The wiki you quote is wrong, or at least being imprecise. A class declaration is not an existential proposition; it is not a proposition of any kind, it is merely a definition of a shorthand. One could then move on to making a proposition using that definition if you wanted, but on its own it's nothing like that. For example,

class Eq a where (==) :: a -> a -> Bool

makes a new definition. One could then write a non-existential, non-universal proposition using it, say,

Eq ()

which we could "prove" by writing:

instance Eq () where () == () = True

Or one could write

prop_ExistsFoo :: exists a. Eq a *> a

as an existential proposition. (Haskell doesn't actually have the exists proposition former, nor (*>). Think of (*>) as dual to (=>) -- just like exists is dual to forall. So where (=>) is a function which takes evidence of a constraint, (*>) is a tuple that contains evidence of a constraint, just like forall is for a function that takes a type while exists is for a tuple that contains a type.) We could "prove" this proposition by, e.g.

prop_ExistsFoo = ()

Note here that the type contained in the exists tuple is (); the evidence contained in the (*>) tuple is the Eq () instance we wrote above. I have honored Haskell's tendency to make types and instances silent and implicit here, so they don't appear in the visible proof text.

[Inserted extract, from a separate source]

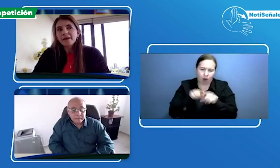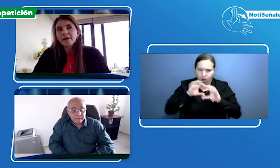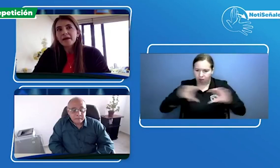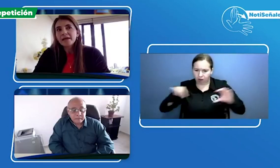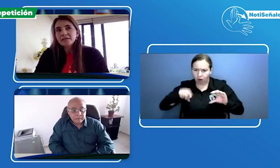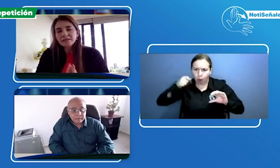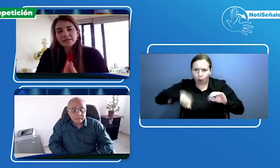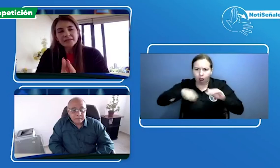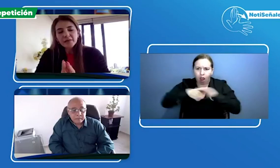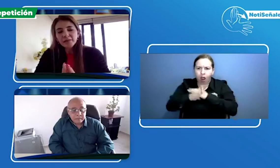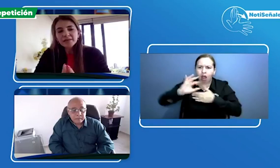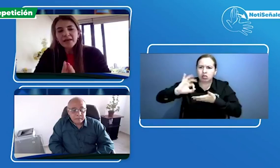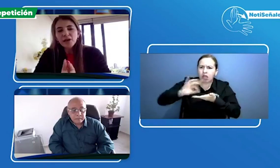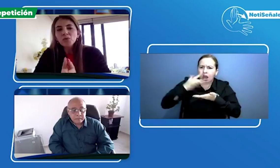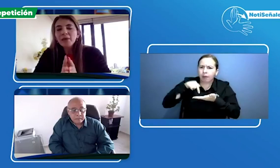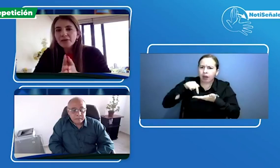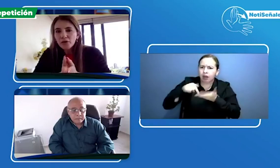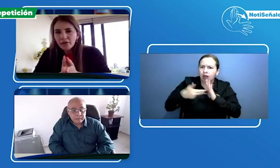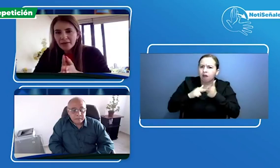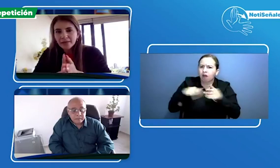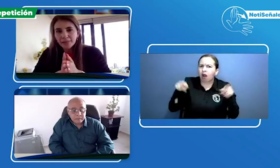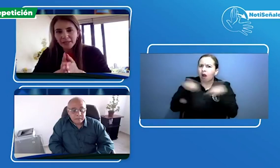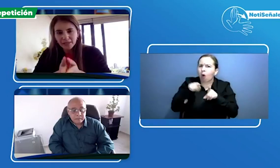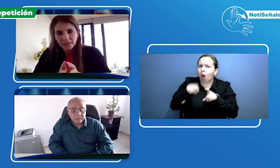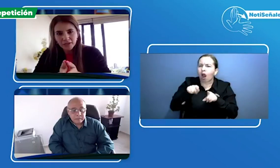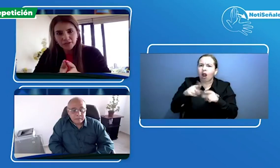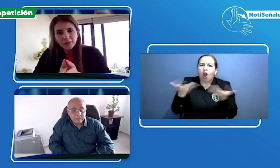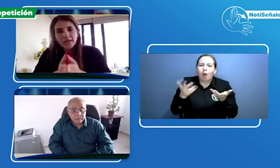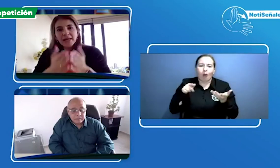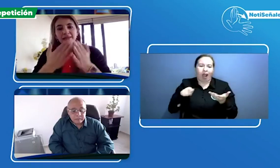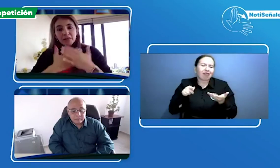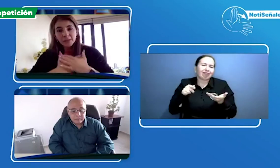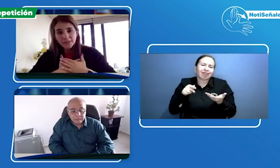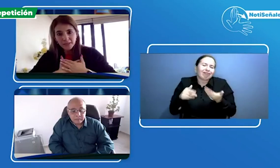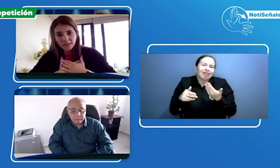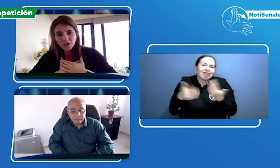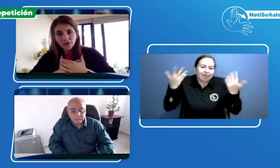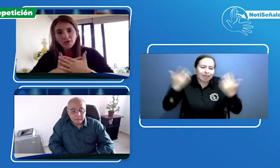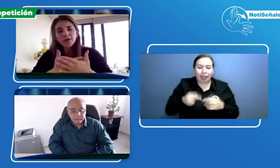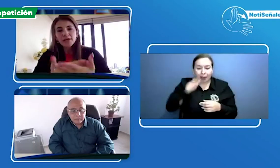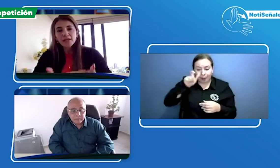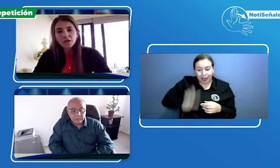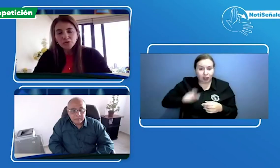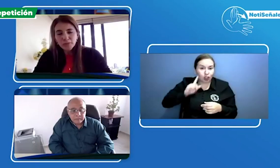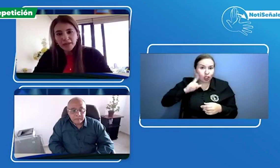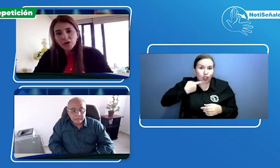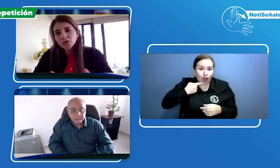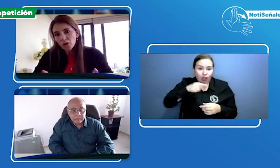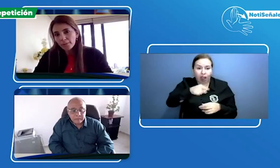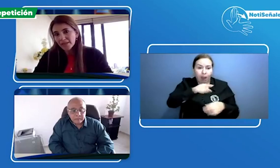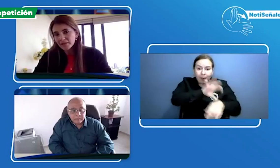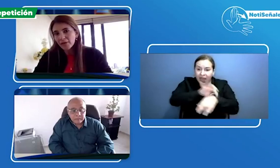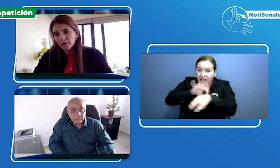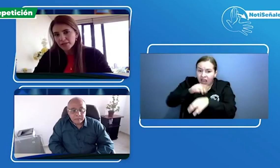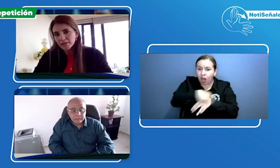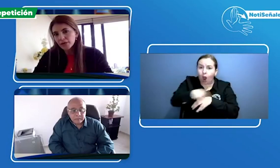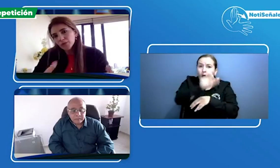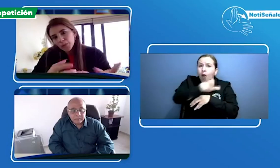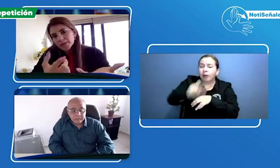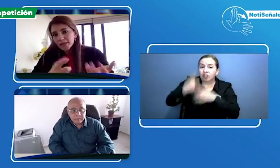es sencillamente un método de interpretación entre el paciente sordo y los médicos o prestadores de salud puede ser
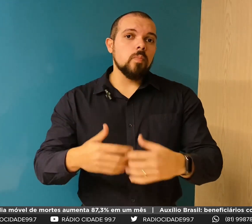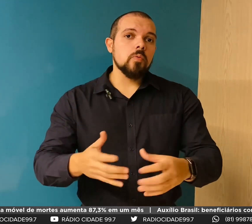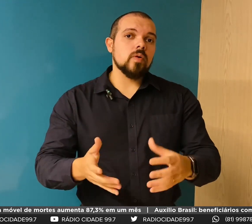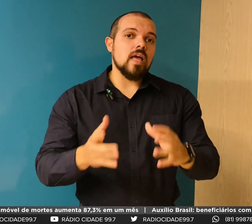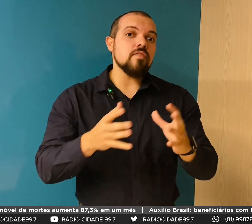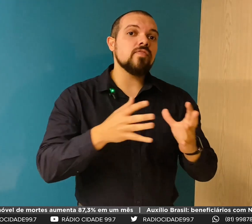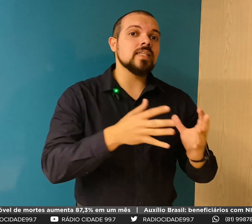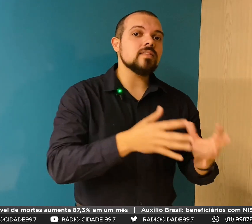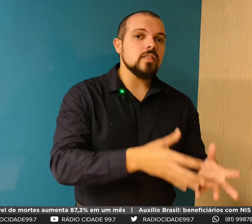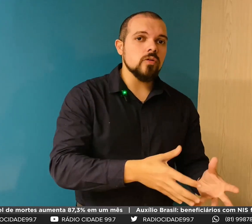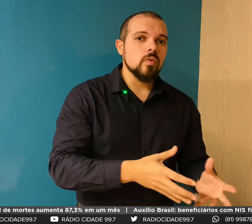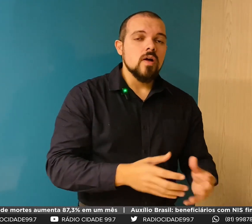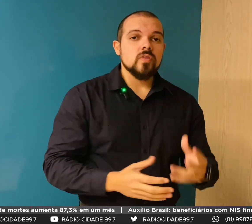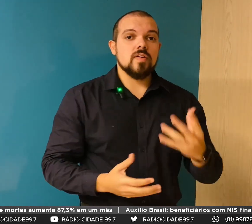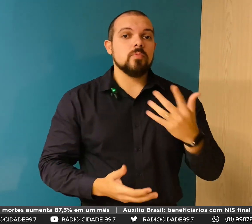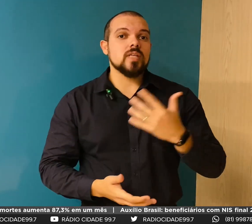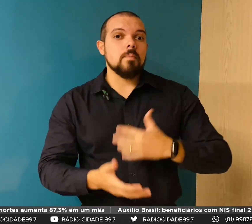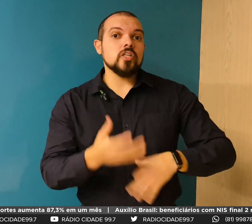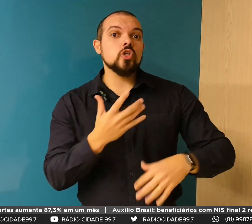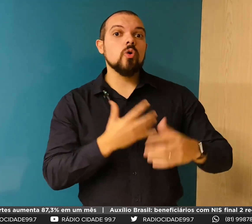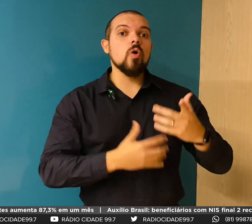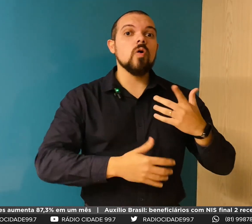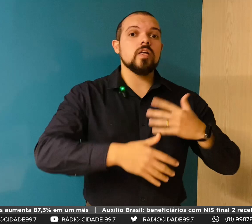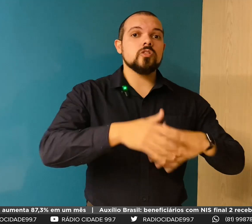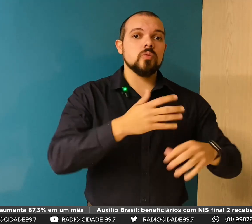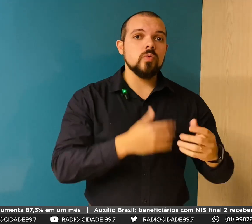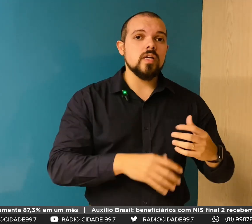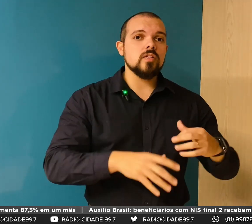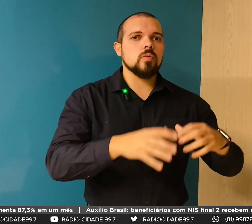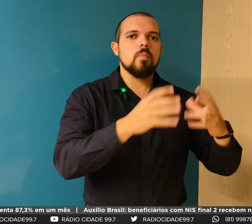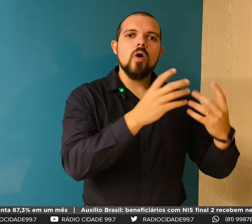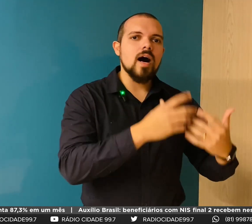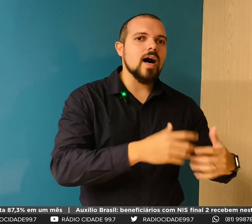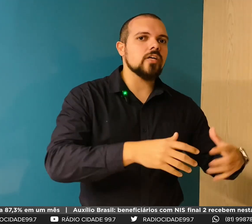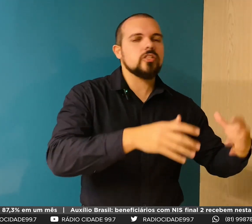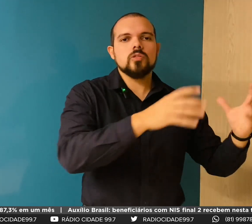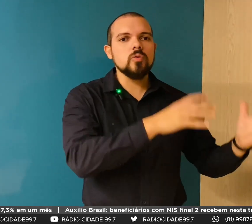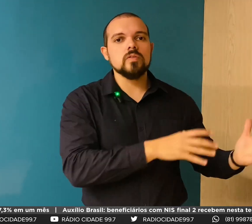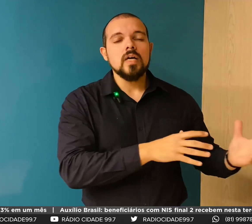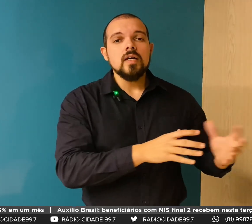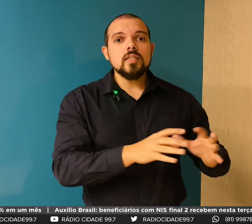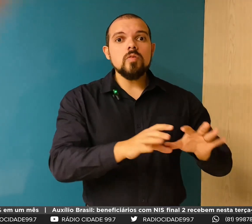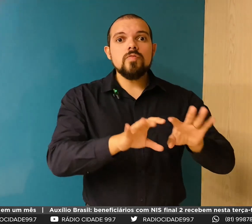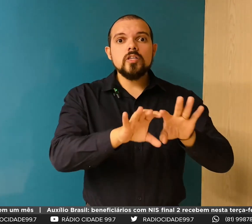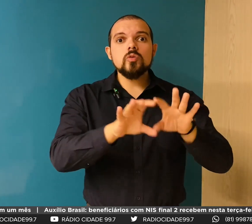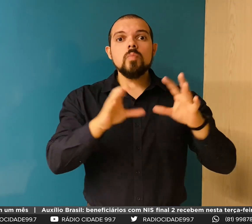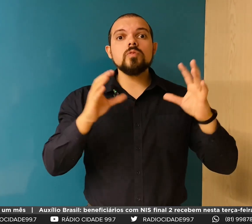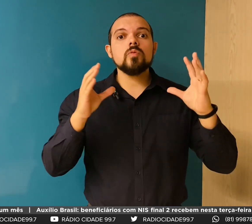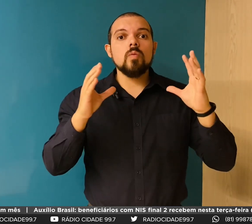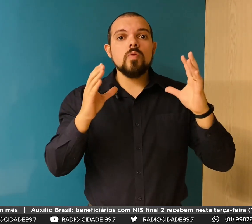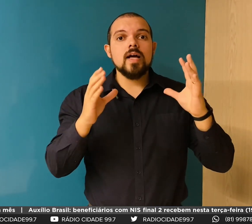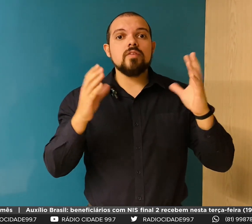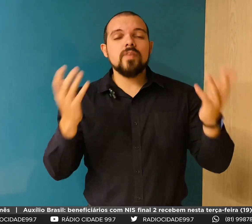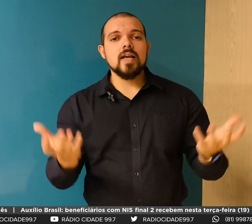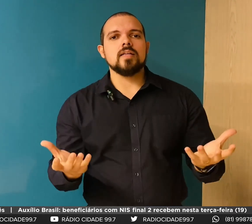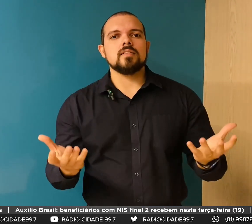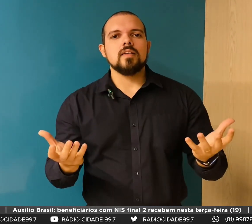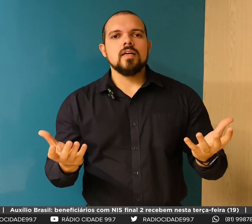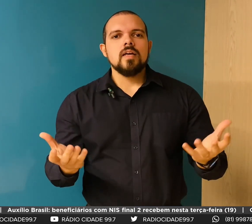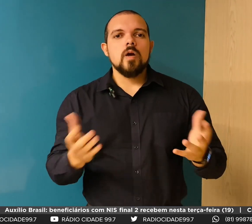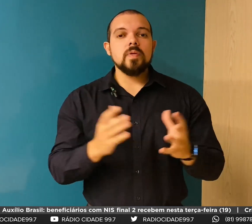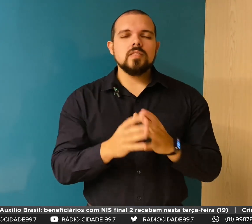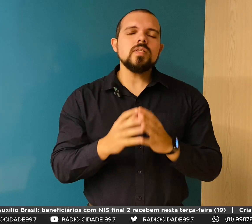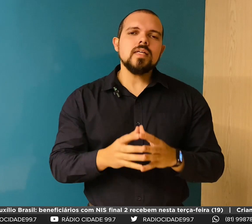você já tem um público que é infantil, você vai buscar mais cores, tudo isso, borracha, tudo. Então veja como é

Similarly, we could make a different, universal proposition out of Eq by writing something like

prop_ForallEq :: forall a. Eq a => a

which is not nontrivially provable, or

prop_ForallEq2 :: forall a. Eq a => a -> a -> Bool

which we could "prove", for example, by writing

prop_ForallEq2 x y = not (x == y)

or in many other ways.

But the class declaration in itself is definitely not an existential proposition, and it doesn't have "existential nature", whatever that is supposed to mean. Instead of getting hung up and confused on that, please congratulate yourself for correctly labeling this incorrect claim as confusing!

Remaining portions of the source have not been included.